- [ABOUT THIS TASK]:
The output has to be the full set of records, reproduced exactly, minus any picture.

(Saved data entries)

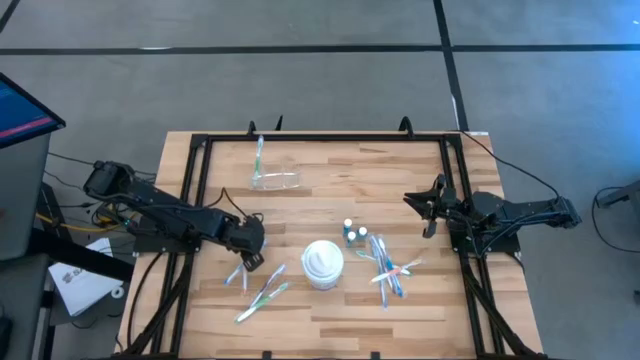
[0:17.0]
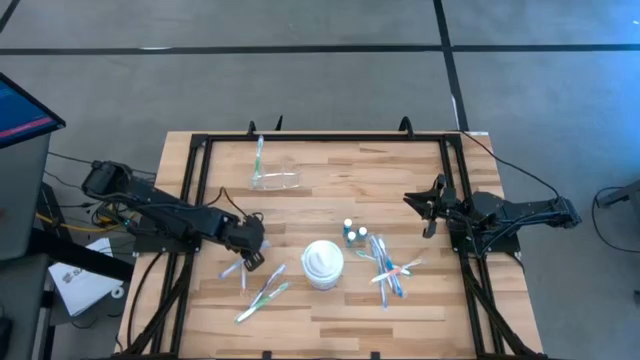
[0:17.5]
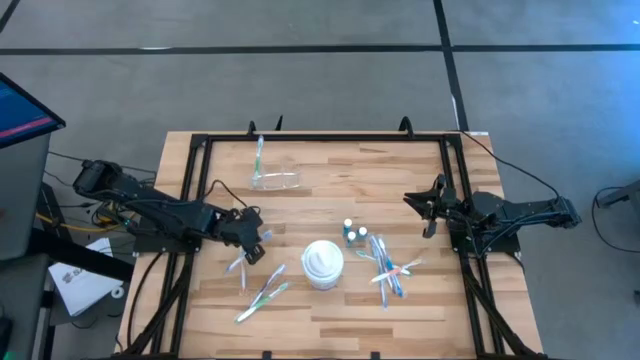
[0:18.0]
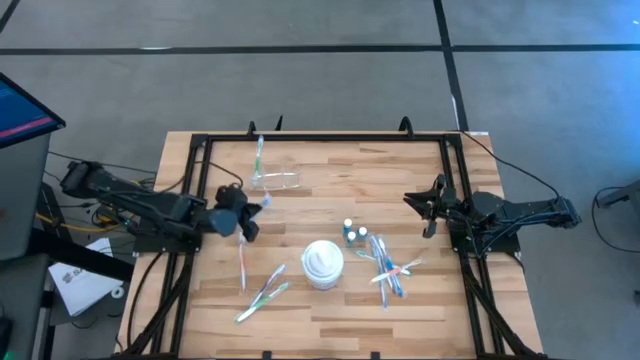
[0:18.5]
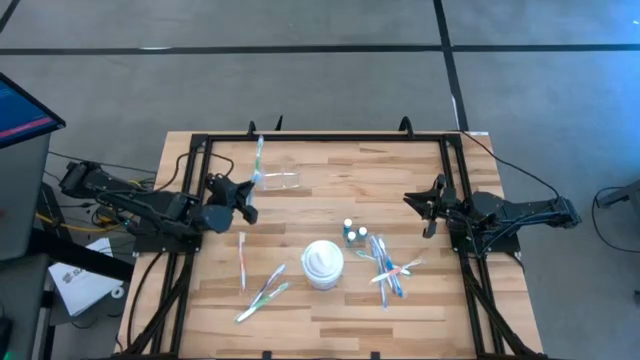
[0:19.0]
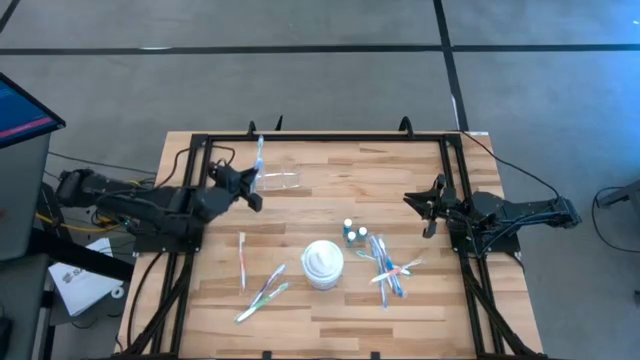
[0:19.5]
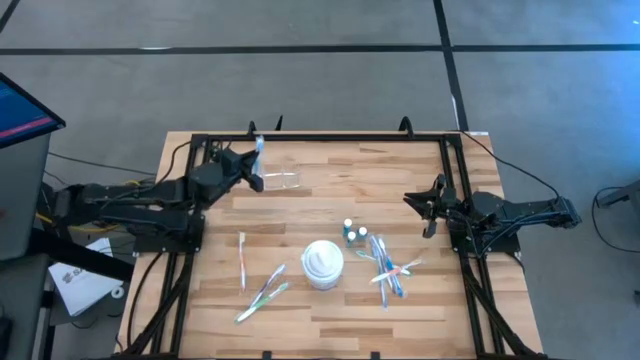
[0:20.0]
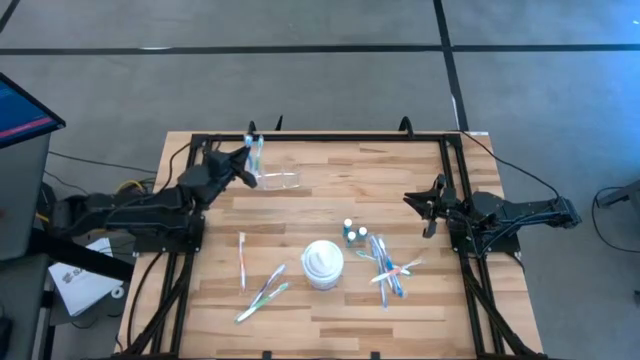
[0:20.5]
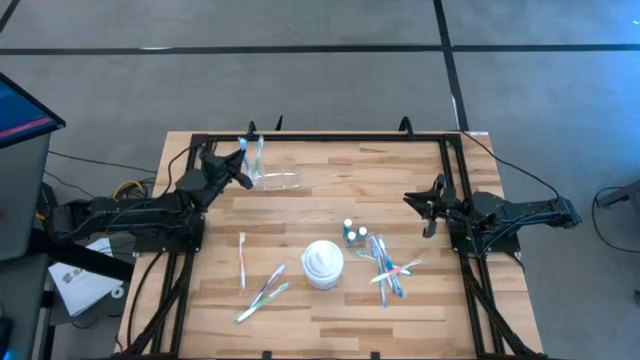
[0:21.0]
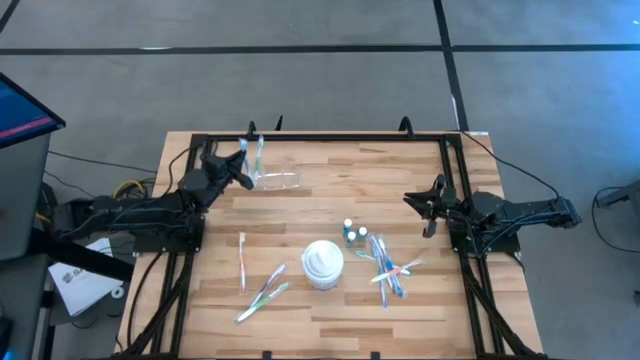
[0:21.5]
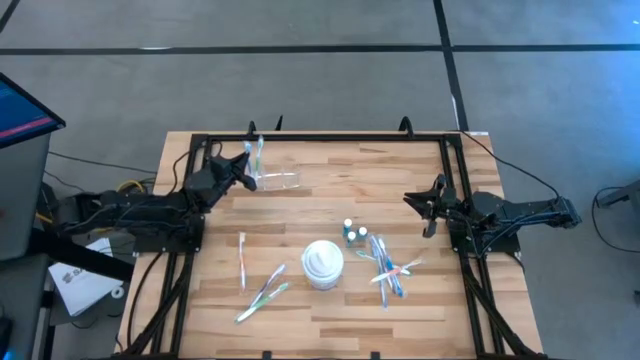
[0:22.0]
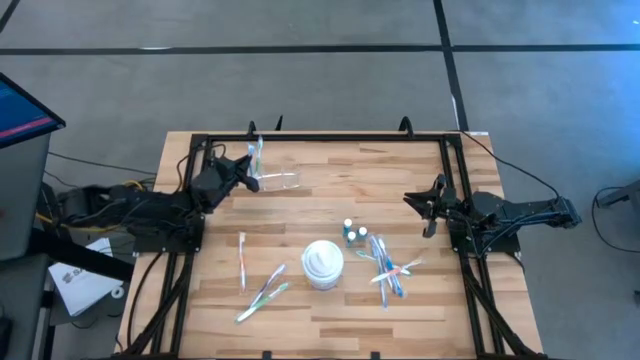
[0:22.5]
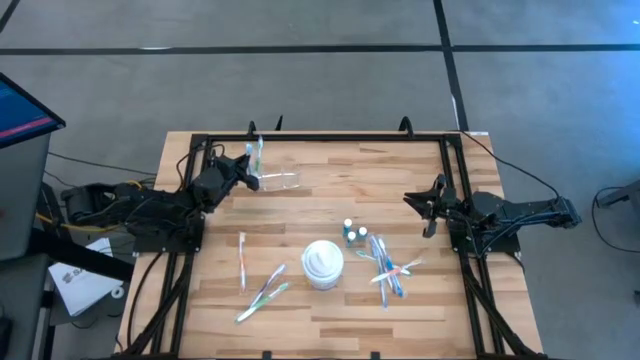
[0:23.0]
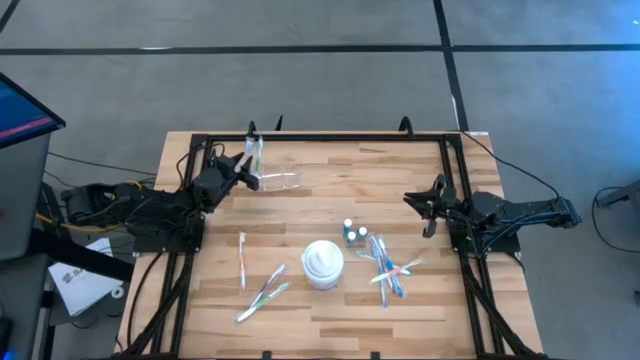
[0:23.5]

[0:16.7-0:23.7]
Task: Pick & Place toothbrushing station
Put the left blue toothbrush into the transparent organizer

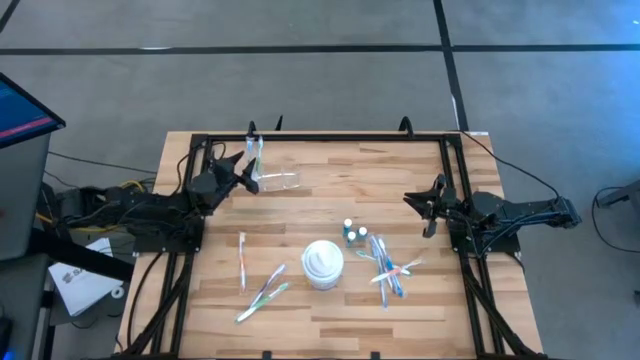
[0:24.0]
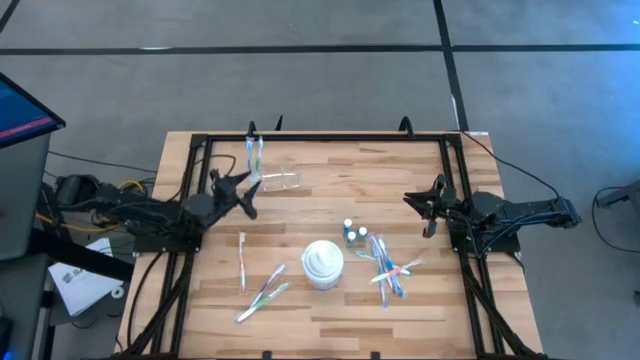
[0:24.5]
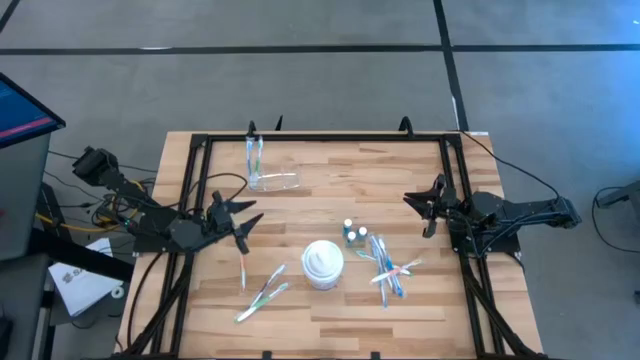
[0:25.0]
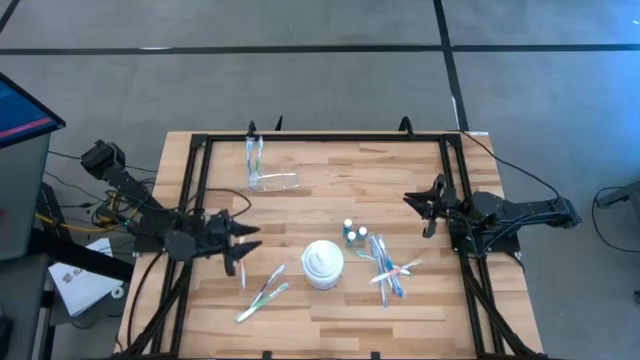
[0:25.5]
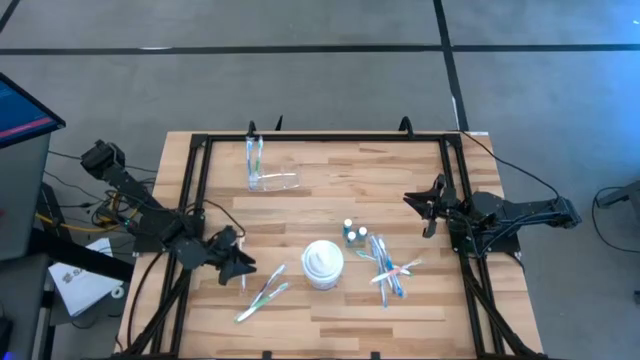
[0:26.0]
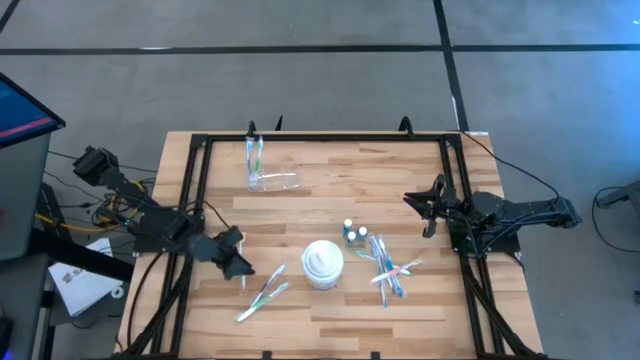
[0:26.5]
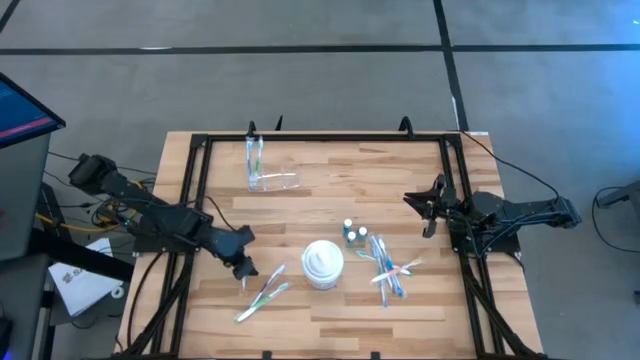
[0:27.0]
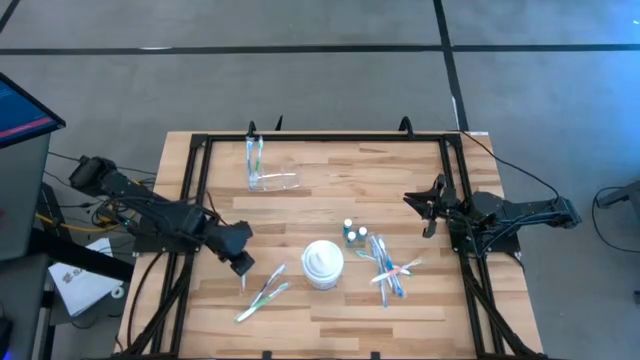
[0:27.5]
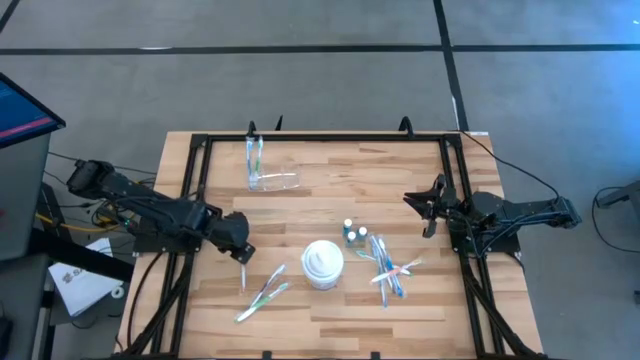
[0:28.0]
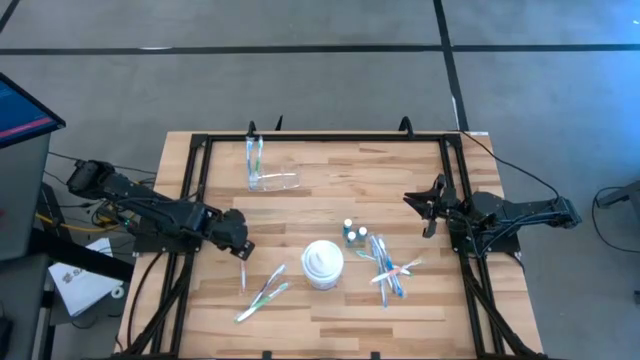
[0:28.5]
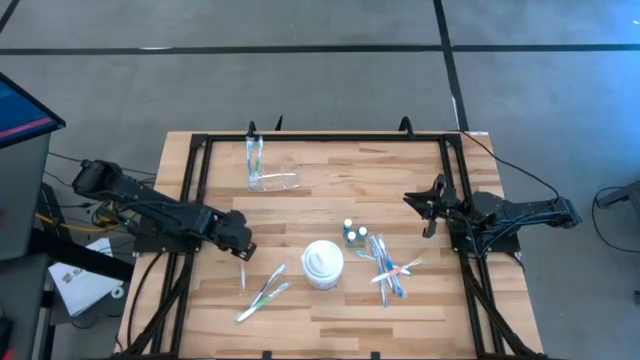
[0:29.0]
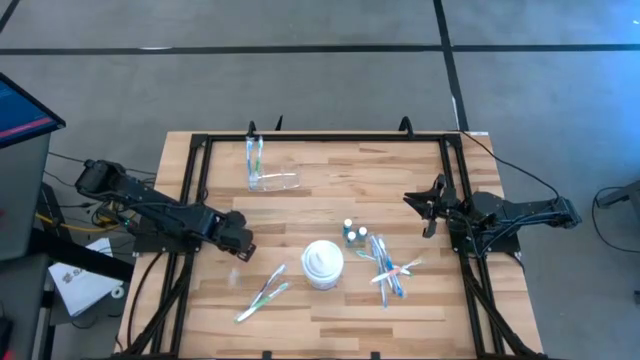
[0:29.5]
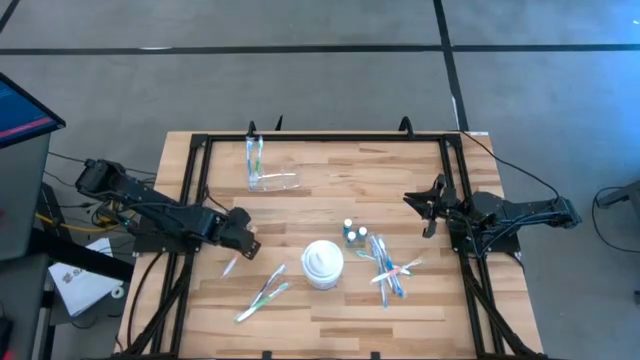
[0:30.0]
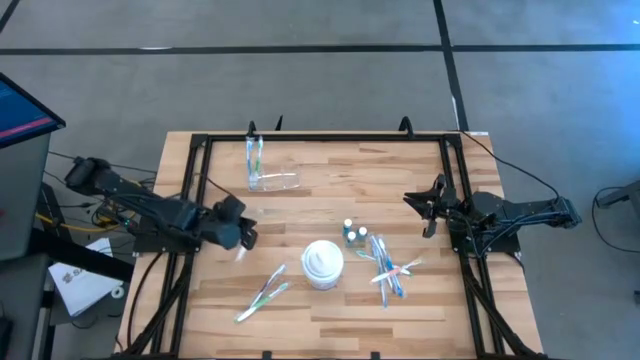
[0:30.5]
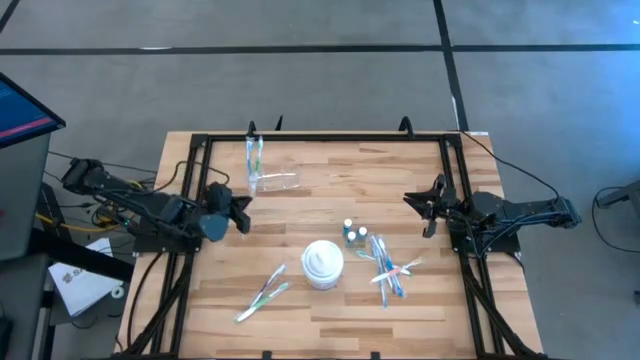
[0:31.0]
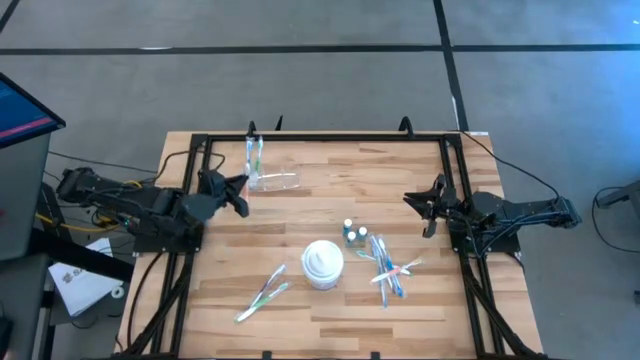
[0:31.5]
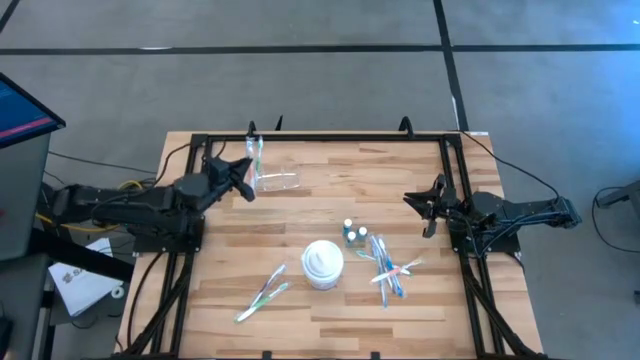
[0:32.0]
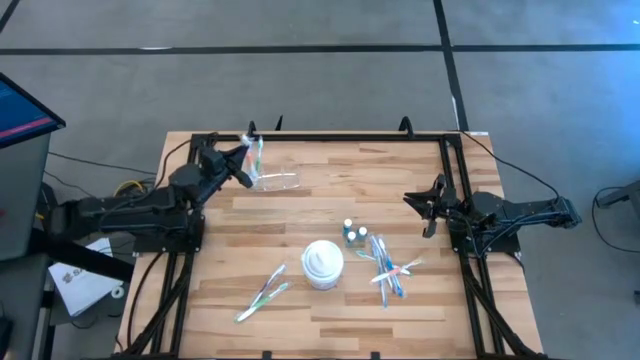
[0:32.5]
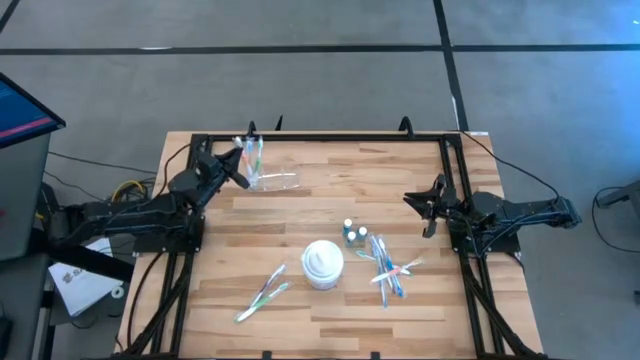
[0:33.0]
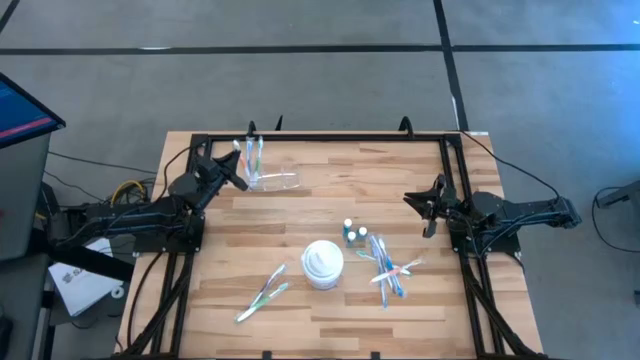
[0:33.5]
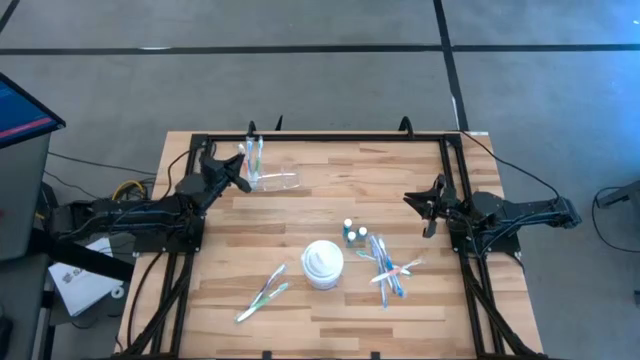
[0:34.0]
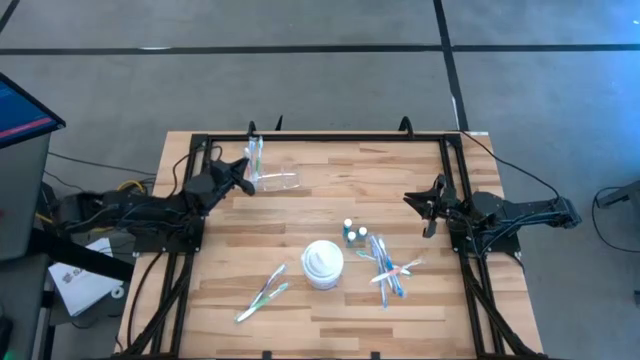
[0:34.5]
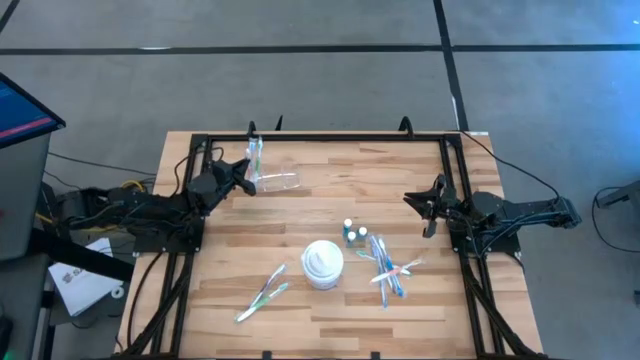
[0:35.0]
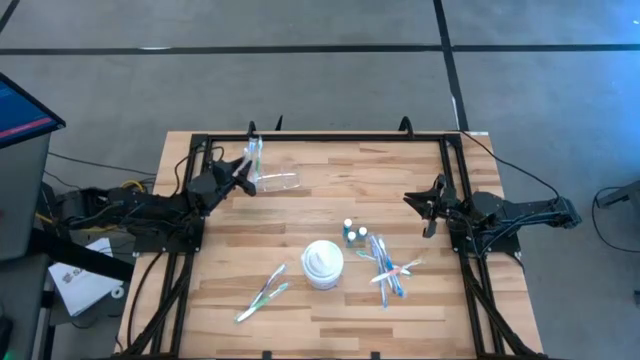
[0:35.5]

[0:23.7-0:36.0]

- [THE COMPLETED TASK]:
[0:17.0]
[0:17.5]
[0:18.0]
[0:18.5]
[0:19.0]
[0:19.5]
[0:20.0]
[0:20.5]
[0:21.0]
[0:21.5]
[0:22.0]
[0:22.5]
[0:23.0]
[0:23.5]

[0:16.7-0:23.7]
Task: Pick & Place toothbrushing station
Put the left blue toothbrush into the transparent organizer

[0:24.0]
[0:24.5]
[0:25.0]
[0:25.5]
[0:26.0]
[0:26.5]
[0:27.0]
[0:27.5]
[0:28.0]
[0:28.5]
[0:29.0]
[0:29.5]
[0:30.0]
[0:30.5]
[0:31.0]
[0:31.5]
[0:32.0]
[0:32.5]
[0:33.0]
[0:33.5]
[0:34.0]
[0:34.5]
[0:35.0]
[0:35.5]

[0:23.7-0:36.0]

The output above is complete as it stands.